Publié le 12 décembre 2025 à 12h04. L’Australie a pris des mesures radicales en interdisant l’accès aux réseaux sociaux aux moins de 16 ans, une décision motivée par une inquiétante augmentation des troubles mentaux chez les adolescents, que certains experts attribuent à l’omniprésence des smartphones.
- Une hausse significative de l’anxiété, de la dépression et de l’automutilation a été constatée chez les adolescents dans plusieurs pays depuis 2012.
- Le psychologue Jonathon Haidt pointe du doigt l’essor des smartphones comme facteur déterminant dans cette détérioration de la santé mentale.
- L’Australie est le premier pays à adopter une législation interdisant aux enfants de moins de 16 ans l’accès à des plateformes comme Instagram, Facebook, TikTok et X.
Une tendance alarmante se confirme : depuis 2012, les taux d’anxiété, de dépression et d’automutilation chez les adolescents augmentent de manière constante à travers le monde. Les États-Unis, le Canada, l’Australie, la Nouvelle-Zélande, les pays scandinaves et l’Europe du Nord sont particulièrement touchés. Cette situation préoccupante a conduit les autorités australiennes à prendre des mesures sans précédent.
Le psychologue Jonathon Haidt a récemment mis en évidence un lien possible entre cette crise de santé mentale et l’utilisation massive des smartphones par les jeunes. Il décrit ce phénomène comme un « grand recâblage de l’enfance », soulignant l’impact profond de ces technologies sur le développement psychologique des adolescents. On observe partout, dans les gares, les écoles et même les salles de sport, des enfants et des adultes adoptant une posture caractéristique, la tête penchée et les yeux rivés sur un écran.
Selon Haidt, les algorithmes puissants qui alimentent nos applications numériques ont tendance à amplifier les sentiments de peur. Il prend l’exemple personnel de son téléphone, inondé d’images de requins géants, bien qu’il soit passionné par l’océan. Si la peur est un instinct de survie ancestral, l’intelligence émotionnelle a permis à nos ancêtres de surmonter leurs appréhensions en développant le courage et en s’unissant face au danger. La solidarité, la communauté et le sentiment d’appartenance sont nés de cette capacité à agir collectivement.
C’est dans cette optique que le gouvernement australien a introduit cette semaine une législation révolutionnaire interdisant l’accès aux réseaux sociaux (Instagram, Facebook, X, TikTok et autres) aux enfants de moins de 16 ans. Cette mesure, bien que controversée, a rencontré un large soutien tant au sein de la classe politique que de l’opinion publique, perçue comme un acte de protection collective envers la jeunesse.
« Cette interdiction pourrait être l’antidote à l’une des plus grandes expériences sociales de notre époque sur nos jeunes. »
Julie Inman Grant, commissaire australienne à la sécurité électronique
Des psychologues, des psychiatres et de nombreux parents endeuillés ont été à l’origine de cette initiative législative. Le gouvernement australien reconnaît qu’il existera des moyens de contourner cette interdiction, mais la considère comme un premier pas essentiel dans une lutte de longue haleine pour protéger les enfants.

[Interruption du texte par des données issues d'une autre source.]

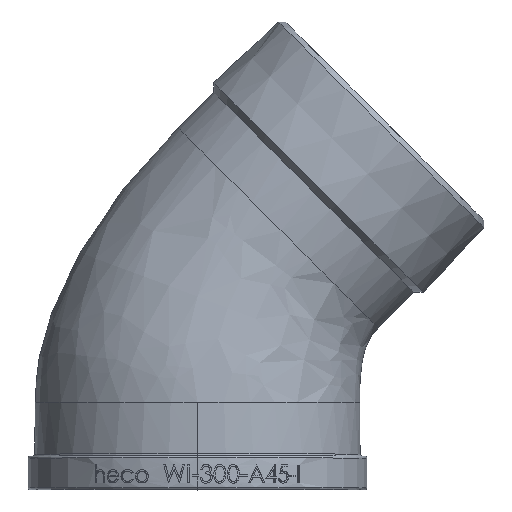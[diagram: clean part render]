
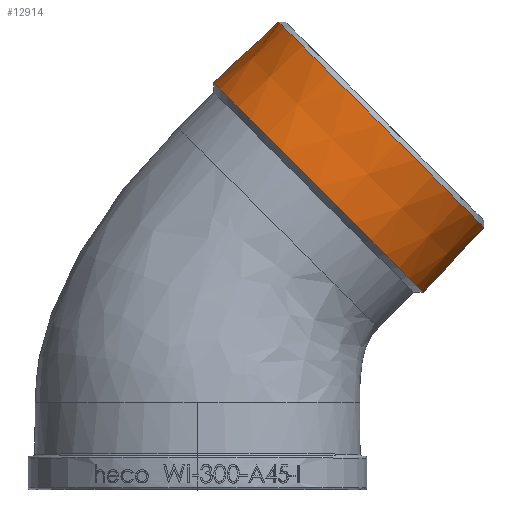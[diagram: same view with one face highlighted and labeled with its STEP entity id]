
A CAD part, top view. The second image highlights one B-rep face of the part: STEP entity #12914.
In plain terms, the highlighted conical face has half-angle 1.79 degrees and reference radius 43.942 mm.
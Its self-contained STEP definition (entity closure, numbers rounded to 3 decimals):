
#70 = AXIS2_PLACEMENT_3D ( 'NONE', #6999, #10947, #5561 ) ;
#88 = LINE ( 'NONE', #17878, #21111 ) ;
#589 = VERTEX_POINT ( 'NONE', #9078 ) ;
#688 = DIRECTION ( 'NONE',  ( -0.685, -0.729, 0. ) ) ;
#884 = ORIENTED_EDGE ( 'NONE', *, *, #17128, .T. ) ;
#1308 = VERTEX_POINT ( 'NONE', #18523 ) ;
#2132 = CIRCLE ( 'NONE', #4664, 44.173 ) ;
#3144 = LINE ( 'NONE', #16210, #6729 ) ;
#3243 = DIRECTION ( 'NONE',  ( -0.729, -0.685, 0. ) ) ;
#4582 = VERTEX_POINT ( 'NONE', #18215 ) ;
#4664 = AXIS2_PLACEMENT_3D ( 'NONE', #23650, #19925, #19994 ) ;
#5561 = DIRECTION ( 'NONE',  ( 0.707, -0.707, 0. ) ) ;
#6729 = VECTOR ( 'NONE', #3243, 1000. ) ;
#6999 = CARTESIAN_POINT ( 'NONE',  ( 41.295, 41.295, 0. ) ) ;
#9078 = CARTESIAN_POINT ( 'NONE',  ( 85.432, 24.131, 0. ) ) ;
#9672 = CIRCLE ( 'NONE', #17065, 43.346 ) ;
#10413 = EDGE_CURVE ( 'NONE', #589, #19818, #88, .T. ) ;
#10947 = DIRECTION ( 'NONE',  ( -0.707, -0.707, 0. ) ) ;
#11184 = EDGE_LOOP ( 'NONE', ( #11321, #884, #21876, #18447 ) ) ;
#11321 = ORIENTED_EDGE ( 'NONE', *, *, #15814, .T. ) ;
#11757 = DIRECTION ( 'NONE',  ( -0.707, -0.707, 0. ) ) ;
#12063 = CARTESIAN_POINT ( 'NONE',  ( 67.298, 4.827, 0. ) ) ;
#12914 = ADVANCED_FACE ( 'NONE', ( #18978 ), #15111, .T. ) ;
#15111 = CONICAL_SURFACE ( 'NONE', #70, 43.942, 0.031 ) ;
#15814 = EDGE_CURVE ( 'NONE', #589, #4582, #9672, .T. ) ;
#16210 = CARTESIAN_POINT ( 'NONE',  ( 10.223, 72.367, 0. ) ) ;
#17065 = AXIS2_PLACEMENT_3D ( 'NONE', #23089, #11757, #20853 ) ;
#17128 = EDGE_CURVE ( 'NONE', #4582, #1308, #3144, .T. ) ;
#17878 = CARTESIAN_POINT ( 'NONE',  ( 72.367, 10.223, 0. ) ) ;
#18215 = CARTESIAN_POINT ( 'NONE',  ( 24.131, 85.432, 0. ) ) ;
#18447 = ORIENTED_EDGE ( 'NONE', *, *, #10413, .F. ) ;
#18523 = CARTESIAN_POINT ( 'NONE',  ( 4.827, 67.298, 0. ) ) ;
#18978 = FACE_OUTER_BOUND ( 'NONE', #11184, .T. ) ;
#19818 = VERTEX_POINT ( 'NONE', #12063 ) ;
#19925 = DIRECTION ( 'NONE',  ( -0.707, -0.707, 0. ) ) ;
#19994 = DIRECTION ( 'NONE',  ( 0.707, -0.707, 0. ) ) ;
#20853 = DIRECTION ( 'NONE',  ( 0.707, -0.707, 0. ) ) ;
#21111 = VECTOR ( 'NONE', #688, 1000. ) ;
#21876 = ORIENTED_EDGE ( 'NONE', *, *, #22529, .F. ) ;
#22529 = EDGE_CURVE ( 'NONE', #19818, #1308, #2132, .T. ) ;
#23089 = CARTESIAN_POINT ( 'NONE',  ( 54.781, 54.781, 0. ) ) ;
#23650 = CARTESIAN_POINT ( 'NONE',  ( 36.062, 36.062, 0. ) ) ;

Au-delà de la législation, l’importance de l’activité physique et des interactions sociales réelles est soulignée. L’auteur de l’article relate son expérience d’entraîneur d’une équipe de rugby des moins de 16 ans, constatant que le simple fait de jouer au ballon permettait aux jeunes de se déconnecter de leurs préoccupations et de se concentrer sur le moment présent. Ces moments de contact physique, de mouvement et de rire procuraient un sentiment de bien-être et un apaisement mental, à l’opposé de l’effet néfaste du « doomscrolling » (défilement incessant de mauvaises nouvelles).
L’auteur souligne que ces jeunes ont besoin de notre soutien, de notre sagesse et de notre protection, d’autant plus qu’ils sont confrontés à des défis inédits liés à la technologie et à l’intelligence artificielle. Il rappelle que l’Irlande, dont l’économie est fortement dépendante des grandes entreprises technologiques, doit veiller à ne pas sacrifier le bien-être de ses enfants sur l’autel des intérêts économiques. L’Irlande pourrait-elle suivre l’exemple australien et interdire l’accès aux réseaux sociaux aux moins de 16 ans ?
L’Irlande doit agir pour protéger ses enfants en adoptant une législation similaire, afin de les prémunir contre les dangers que représentent les applications numériques pour leur santé mentale et émotionnelle.